Exercise objective => Your answer must hold only the lines below from the line containing "hfov_deg=65.0. Metres; depth" through the line containing "What sits at", each reproduced exactly.
** Data excerpts follows **
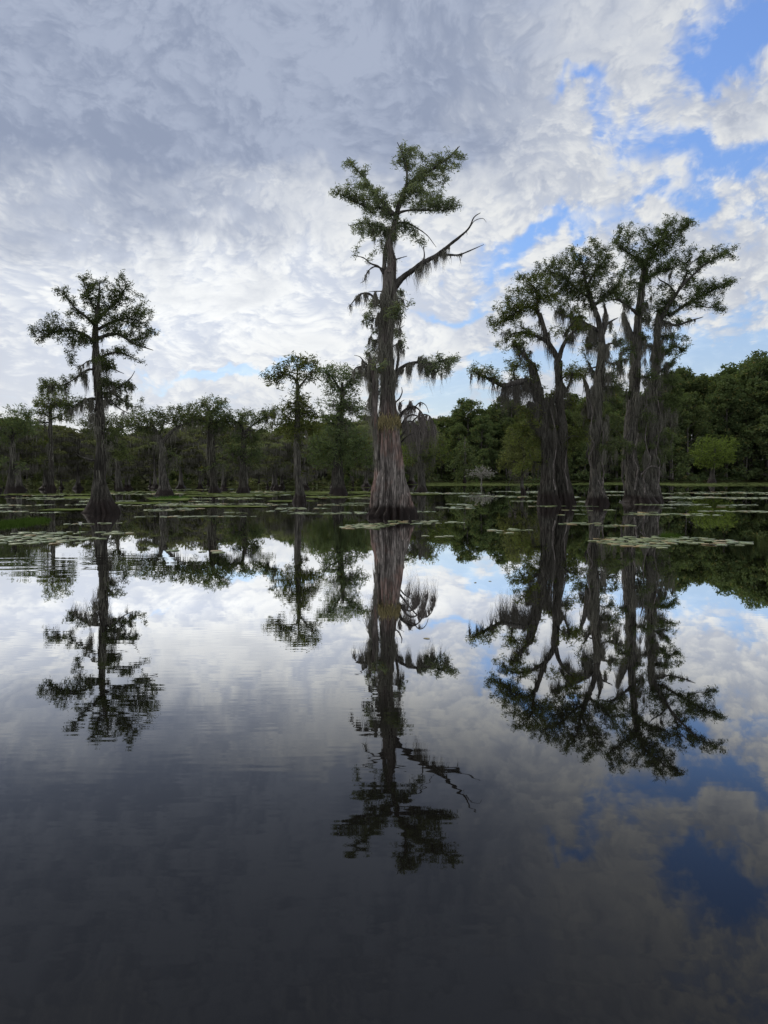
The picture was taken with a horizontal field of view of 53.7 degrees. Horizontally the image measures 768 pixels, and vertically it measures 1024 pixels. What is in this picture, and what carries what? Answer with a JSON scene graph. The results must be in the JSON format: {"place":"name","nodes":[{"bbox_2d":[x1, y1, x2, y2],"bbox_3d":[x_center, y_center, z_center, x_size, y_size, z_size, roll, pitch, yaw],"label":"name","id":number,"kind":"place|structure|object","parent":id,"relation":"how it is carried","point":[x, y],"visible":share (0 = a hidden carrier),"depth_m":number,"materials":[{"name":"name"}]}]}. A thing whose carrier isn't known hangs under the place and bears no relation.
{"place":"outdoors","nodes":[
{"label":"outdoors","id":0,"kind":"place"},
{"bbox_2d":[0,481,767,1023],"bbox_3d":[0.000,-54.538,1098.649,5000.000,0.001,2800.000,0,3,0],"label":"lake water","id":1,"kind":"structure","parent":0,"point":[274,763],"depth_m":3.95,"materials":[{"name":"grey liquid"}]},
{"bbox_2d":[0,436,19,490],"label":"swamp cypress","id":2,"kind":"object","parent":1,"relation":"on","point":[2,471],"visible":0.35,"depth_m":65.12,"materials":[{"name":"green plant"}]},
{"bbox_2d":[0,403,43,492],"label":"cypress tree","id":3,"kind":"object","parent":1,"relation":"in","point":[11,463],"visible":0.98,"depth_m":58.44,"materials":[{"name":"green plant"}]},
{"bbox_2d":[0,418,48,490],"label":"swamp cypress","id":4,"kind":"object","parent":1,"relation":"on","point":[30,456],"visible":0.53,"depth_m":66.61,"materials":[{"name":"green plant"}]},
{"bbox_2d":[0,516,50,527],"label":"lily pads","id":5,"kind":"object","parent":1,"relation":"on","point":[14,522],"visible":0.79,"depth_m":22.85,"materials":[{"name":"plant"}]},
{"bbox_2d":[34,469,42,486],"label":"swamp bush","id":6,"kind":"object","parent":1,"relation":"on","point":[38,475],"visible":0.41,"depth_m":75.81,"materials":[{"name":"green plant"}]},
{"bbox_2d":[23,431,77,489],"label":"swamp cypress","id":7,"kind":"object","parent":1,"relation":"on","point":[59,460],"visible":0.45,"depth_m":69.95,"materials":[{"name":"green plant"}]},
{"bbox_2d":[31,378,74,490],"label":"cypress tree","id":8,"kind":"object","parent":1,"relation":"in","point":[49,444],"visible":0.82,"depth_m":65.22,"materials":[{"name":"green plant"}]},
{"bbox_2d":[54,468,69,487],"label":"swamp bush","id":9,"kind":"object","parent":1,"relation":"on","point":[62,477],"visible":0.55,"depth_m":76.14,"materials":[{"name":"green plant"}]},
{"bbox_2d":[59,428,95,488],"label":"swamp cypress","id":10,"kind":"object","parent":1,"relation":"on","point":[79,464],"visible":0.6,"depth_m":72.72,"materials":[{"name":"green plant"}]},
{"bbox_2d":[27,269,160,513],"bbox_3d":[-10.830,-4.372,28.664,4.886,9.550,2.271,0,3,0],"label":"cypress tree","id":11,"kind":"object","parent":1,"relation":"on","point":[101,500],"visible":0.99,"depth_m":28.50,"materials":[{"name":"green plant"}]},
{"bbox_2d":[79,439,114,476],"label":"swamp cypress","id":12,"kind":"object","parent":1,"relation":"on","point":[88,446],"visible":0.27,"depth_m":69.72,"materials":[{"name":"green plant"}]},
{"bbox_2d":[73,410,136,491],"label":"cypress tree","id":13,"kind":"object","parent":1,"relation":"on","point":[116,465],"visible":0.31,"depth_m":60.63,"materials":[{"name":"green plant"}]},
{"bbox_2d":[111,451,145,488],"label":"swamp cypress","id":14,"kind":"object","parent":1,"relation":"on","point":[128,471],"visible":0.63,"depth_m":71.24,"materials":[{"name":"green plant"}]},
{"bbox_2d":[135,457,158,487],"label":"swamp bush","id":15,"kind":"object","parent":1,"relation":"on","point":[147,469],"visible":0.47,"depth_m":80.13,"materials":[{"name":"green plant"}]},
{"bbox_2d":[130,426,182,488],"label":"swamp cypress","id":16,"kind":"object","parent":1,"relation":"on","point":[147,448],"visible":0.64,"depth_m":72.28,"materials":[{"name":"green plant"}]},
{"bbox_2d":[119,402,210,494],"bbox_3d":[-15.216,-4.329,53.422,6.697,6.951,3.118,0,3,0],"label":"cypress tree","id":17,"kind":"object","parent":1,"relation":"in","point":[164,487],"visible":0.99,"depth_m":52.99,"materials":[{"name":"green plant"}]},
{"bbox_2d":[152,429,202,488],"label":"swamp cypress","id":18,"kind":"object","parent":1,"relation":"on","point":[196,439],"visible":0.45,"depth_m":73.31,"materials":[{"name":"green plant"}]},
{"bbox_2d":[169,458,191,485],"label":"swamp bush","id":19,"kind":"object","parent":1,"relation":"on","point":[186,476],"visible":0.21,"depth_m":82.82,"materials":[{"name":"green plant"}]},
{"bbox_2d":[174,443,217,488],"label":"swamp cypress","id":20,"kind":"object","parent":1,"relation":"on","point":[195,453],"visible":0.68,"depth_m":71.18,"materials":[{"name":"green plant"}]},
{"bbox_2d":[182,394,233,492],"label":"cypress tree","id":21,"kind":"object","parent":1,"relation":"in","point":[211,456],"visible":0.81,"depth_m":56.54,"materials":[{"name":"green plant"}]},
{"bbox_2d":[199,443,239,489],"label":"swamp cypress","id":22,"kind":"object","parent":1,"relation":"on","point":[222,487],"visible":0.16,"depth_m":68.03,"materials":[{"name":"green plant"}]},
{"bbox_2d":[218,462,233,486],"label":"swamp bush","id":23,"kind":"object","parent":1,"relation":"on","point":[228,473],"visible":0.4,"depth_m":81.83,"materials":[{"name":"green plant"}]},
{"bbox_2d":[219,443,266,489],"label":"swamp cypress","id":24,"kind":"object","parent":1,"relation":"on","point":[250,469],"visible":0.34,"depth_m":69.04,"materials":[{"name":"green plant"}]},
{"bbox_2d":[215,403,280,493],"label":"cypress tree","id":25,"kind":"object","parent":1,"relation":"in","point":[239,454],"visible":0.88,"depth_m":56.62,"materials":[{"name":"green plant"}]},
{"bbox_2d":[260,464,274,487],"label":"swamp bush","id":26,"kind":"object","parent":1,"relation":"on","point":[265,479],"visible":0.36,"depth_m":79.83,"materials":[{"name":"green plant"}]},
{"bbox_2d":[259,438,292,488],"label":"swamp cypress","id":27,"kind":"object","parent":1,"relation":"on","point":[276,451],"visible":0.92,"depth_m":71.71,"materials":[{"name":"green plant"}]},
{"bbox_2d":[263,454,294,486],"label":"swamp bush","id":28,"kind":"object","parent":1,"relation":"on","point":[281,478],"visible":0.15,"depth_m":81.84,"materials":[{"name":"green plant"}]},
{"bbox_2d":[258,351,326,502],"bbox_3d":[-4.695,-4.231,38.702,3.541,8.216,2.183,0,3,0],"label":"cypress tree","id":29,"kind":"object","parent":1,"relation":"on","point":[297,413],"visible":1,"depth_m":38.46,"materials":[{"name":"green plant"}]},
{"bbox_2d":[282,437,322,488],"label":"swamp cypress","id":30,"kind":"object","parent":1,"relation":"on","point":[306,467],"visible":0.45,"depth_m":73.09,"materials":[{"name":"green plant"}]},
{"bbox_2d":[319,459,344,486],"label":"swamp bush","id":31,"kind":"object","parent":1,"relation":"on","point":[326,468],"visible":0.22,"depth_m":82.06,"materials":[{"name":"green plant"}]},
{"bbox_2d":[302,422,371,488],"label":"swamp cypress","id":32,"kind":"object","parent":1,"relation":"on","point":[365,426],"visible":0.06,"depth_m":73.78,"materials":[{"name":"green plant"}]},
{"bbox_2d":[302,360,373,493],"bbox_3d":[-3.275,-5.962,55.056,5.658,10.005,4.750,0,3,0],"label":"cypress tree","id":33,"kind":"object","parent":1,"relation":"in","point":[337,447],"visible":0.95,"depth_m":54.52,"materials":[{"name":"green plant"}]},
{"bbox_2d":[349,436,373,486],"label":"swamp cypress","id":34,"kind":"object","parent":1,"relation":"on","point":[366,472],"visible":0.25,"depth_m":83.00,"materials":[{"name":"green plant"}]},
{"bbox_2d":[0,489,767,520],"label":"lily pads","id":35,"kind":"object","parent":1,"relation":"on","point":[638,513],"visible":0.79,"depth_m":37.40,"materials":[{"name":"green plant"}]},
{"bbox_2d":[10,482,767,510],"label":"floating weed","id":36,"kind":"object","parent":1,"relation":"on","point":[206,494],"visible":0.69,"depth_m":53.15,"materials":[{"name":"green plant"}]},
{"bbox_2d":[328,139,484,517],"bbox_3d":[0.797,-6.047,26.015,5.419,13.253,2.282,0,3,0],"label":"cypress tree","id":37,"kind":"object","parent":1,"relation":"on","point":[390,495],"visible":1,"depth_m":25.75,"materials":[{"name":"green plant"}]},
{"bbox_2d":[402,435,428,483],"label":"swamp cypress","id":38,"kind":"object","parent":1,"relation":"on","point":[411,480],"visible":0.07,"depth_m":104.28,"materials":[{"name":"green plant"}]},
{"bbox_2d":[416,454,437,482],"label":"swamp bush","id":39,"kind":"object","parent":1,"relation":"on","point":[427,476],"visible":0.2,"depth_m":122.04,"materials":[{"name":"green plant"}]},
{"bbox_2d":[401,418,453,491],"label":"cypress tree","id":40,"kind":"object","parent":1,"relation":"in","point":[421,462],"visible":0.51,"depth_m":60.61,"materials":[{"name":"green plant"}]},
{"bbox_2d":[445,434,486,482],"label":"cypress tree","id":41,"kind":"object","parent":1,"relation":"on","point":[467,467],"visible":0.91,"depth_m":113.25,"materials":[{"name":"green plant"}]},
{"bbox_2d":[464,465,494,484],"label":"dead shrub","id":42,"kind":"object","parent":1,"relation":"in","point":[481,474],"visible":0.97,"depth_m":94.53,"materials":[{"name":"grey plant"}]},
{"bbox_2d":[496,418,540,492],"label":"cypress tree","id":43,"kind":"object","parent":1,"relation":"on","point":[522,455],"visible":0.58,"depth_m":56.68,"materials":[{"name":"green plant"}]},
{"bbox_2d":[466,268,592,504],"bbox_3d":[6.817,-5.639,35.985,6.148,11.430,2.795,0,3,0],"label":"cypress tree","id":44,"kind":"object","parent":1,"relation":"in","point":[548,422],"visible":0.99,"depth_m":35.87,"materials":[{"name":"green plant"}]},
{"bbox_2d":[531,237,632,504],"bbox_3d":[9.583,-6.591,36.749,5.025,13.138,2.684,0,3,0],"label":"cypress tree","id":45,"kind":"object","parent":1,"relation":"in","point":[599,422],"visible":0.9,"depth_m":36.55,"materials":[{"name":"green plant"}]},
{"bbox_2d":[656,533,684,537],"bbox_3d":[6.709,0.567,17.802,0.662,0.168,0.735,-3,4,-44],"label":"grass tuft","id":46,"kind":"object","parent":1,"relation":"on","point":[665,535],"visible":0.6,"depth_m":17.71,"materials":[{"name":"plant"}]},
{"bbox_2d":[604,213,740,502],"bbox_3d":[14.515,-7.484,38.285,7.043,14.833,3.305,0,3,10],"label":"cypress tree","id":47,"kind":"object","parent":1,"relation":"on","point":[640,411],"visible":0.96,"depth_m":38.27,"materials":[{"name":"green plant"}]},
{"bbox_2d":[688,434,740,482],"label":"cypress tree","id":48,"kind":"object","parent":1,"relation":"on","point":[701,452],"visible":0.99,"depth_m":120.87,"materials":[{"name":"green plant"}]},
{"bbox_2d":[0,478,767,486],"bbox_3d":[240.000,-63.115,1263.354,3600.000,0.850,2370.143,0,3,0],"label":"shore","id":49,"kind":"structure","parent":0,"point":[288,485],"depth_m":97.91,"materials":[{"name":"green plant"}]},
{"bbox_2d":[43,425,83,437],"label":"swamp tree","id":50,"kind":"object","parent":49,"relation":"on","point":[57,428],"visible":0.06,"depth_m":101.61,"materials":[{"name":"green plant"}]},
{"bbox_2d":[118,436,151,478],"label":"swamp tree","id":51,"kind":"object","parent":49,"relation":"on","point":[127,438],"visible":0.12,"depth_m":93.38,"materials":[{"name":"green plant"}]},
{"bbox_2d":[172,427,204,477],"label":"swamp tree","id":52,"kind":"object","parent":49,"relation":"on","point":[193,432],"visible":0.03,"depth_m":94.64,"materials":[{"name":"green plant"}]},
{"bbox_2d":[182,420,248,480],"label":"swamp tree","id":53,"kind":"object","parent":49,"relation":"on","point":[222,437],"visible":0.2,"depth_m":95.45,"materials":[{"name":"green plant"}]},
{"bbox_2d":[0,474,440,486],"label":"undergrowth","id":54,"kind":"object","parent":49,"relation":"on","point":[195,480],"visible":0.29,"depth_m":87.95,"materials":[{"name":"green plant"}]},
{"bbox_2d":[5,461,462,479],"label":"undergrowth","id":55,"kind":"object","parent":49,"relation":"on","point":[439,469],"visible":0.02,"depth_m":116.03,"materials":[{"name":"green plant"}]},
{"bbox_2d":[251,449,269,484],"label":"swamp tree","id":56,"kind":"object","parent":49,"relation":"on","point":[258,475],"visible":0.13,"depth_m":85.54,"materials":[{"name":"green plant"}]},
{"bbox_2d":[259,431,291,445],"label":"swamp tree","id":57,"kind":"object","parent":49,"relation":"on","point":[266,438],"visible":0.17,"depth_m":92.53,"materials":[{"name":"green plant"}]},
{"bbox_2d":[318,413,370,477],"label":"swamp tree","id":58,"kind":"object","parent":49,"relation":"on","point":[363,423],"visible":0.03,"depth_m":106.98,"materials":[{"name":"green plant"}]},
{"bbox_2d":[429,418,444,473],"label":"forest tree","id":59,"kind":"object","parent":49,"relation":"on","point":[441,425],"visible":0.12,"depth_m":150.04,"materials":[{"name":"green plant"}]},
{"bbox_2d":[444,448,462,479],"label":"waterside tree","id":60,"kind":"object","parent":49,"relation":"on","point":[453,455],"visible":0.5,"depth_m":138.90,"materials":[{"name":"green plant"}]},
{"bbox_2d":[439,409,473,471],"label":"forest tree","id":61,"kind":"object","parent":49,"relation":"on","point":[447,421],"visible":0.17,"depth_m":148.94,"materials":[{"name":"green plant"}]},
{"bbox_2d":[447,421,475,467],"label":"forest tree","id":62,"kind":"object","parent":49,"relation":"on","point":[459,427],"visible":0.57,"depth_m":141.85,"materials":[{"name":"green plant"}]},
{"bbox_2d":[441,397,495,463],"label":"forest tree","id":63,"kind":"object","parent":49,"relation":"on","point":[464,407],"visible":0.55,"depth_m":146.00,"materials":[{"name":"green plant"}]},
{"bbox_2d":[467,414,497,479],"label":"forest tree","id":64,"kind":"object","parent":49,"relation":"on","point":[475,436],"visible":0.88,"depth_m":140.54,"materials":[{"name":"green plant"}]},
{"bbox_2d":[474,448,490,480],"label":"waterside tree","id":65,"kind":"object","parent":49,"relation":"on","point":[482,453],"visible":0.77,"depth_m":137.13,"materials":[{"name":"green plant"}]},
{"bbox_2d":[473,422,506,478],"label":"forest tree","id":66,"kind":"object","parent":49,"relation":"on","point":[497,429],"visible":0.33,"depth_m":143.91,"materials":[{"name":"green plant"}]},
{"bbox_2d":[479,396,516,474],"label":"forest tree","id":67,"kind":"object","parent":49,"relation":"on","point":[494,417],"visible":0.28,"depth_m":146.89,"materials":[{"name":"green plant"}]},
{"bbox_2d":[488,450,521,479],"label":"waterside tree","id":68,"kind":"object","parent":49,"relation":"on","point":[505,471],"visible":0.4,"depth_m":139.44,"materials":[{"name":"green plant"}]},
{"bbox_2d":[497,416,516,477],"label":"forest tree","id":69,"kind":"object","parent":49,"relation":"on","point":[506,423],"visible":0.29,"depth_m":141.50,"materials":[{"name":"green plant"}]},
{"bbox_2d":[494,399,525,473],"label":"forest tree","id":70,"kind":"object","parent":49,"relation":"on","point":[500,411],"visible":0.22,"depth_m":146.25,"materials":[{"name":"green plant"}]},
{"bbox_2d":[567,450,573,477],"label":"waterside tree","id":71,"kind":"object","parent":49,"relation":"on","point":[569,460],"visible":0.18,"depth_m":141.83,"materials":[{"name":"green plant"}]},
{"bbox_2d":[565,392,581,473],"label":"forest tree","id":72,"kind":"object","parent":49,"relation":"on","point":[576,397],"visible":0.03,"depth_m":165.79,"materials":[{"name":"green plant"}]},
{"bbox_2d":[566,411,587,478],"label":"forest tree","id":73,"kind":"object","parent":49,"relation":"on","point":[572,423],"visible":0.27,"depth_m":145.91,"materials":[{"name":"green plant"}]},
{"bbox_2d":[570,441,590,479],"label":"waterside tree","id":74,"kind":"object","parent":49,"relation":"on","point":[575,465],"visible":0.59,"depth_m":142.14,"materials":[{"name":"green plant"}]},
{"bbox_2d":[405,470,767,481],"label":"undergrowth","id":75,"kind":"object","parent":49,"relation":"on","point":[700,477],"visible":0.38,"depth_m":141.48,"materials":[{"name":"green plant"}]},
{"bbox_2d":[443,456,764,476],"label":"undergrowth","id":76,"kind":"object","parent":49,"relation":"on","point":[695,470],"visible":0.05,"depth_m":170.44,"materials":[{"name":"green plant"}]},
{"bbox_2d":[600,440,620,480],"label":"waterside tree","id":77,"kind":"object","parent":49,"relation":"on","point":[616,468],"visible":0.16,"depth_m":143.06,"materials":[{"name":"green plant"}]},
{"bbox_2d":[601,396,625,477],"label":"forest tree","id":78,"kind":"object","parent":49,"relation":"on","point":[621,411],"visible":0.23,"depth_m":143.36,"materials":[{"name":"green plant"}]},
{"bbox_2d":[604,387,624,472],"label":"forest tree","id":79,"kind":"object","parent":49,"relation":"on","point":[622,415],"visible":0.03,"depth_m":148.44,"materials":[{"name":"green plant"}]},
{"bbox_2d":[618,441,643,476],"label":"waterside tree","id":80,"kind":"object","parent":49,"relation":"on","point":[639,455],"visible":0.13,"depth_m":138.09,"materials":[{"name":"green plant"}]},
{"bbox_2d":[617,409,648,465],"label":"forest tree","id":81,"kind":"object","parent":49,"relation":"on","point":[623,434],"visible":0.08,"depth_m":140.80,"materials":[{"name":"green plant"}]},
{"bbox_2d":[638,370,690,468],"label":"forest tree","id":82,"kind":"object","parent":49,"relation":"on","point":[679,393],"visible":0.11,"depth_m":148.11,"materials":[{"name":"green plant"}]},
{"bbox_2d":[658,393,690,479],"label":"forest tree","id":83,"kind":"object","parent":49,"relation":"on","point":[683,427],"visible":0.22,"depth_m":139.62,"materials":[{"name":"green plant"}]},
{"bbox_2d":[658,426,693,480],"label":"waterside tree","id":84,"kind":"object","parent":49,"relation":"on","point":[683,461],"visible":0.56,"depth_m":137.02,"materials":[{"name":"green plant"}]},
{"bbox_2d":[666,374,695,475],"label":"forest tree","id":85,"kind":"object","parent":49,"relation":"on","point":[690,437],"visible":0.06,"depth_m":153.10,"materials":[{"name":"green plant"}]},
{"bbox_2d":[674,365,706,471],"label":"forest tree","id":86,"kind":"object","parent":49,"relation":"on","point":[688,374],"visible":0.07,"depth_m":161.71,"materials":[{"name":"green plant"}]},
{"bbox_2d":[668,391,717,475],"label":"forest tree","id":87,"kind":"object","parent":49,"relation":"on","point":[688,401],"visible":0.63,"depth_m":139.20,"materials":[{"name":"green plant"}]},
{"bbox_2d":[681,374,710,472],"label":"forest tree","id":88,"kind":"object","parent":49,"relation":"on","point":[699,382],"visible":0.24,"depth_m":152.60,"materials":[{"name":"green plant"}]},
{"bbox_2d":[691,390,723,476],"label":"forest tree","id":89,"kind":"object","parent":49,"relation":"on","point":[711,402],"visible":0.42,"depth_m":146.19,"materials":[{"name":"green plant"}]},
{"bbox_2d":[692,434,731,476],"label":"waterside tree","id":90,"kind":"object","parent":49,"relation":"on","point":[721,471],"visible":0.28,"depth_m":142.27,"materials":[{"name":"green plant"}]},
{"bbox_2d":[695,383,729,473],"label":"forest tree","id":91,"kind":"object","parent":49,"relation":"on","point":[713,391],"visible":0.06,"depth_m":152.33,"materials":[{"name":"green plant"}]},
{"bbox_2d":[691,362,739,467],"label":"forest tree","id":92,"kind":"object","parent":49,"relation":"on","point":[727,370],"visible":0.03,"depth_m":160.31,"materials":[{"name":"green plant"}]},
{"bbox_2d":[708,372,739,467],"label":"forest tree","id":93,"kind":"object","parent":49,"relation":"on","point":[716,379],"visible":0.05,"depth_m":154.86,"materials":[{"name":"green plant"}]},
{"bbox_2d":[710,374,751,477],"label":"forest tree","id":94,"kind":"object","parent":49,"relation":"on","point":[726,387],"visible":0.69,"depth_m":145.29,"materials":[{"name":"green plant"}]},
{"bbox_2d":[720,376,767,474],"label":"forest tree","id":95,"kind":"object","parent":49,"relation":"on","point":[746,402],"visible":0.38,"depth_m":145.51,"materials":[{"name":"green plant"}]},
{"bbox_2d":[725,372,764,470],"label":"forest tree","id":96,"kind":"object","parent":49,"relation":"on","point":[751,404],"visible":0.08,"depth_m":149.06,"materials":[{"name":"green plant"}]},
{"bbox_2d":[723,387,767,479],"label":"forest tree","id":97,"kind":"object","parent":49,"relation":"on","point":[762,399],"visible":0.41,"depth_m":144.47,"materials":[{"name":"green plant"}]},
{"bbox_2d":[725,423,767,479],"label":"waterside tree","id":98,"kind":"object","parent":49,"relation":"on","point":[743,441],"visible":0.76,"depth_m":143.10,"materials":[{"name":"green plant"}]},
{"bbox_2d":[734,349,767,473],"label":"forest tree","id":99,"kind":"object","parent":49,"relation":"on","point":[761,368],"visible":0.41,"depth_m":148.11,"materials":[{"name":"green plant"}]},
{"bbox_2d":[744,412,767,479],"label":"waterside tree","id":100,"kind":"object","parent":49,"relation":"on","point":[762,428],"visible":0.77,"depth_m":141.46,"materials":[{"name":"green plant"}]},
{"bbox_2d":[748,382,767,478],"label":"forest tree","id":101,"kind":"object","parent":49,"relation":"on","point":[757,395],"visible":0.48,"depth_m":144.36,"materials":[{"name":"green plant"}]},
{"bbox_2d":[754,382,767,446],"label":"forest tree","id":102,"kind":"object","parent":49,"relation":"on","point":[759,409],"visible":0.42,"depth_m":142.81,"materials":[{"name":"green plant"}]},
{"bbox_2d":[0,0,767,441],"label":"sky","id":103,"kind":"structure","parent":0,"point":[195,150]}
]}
** End of Data excerpts **
** Data excerpts follows **
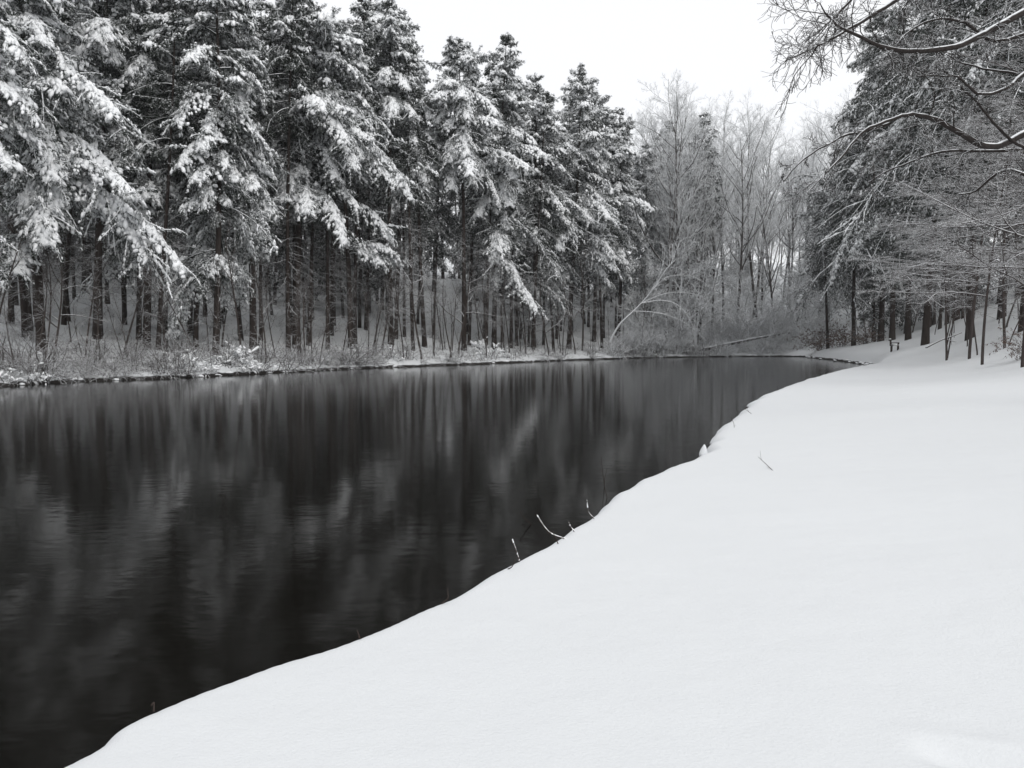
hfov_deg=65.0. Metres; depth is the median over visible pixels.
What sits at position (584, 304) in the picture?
** End of Data excerpts **
Response area =>
hfov_deg=65.0. Metres; depth is the median over visible pixels.
What sits at position (584, 304) in the picture?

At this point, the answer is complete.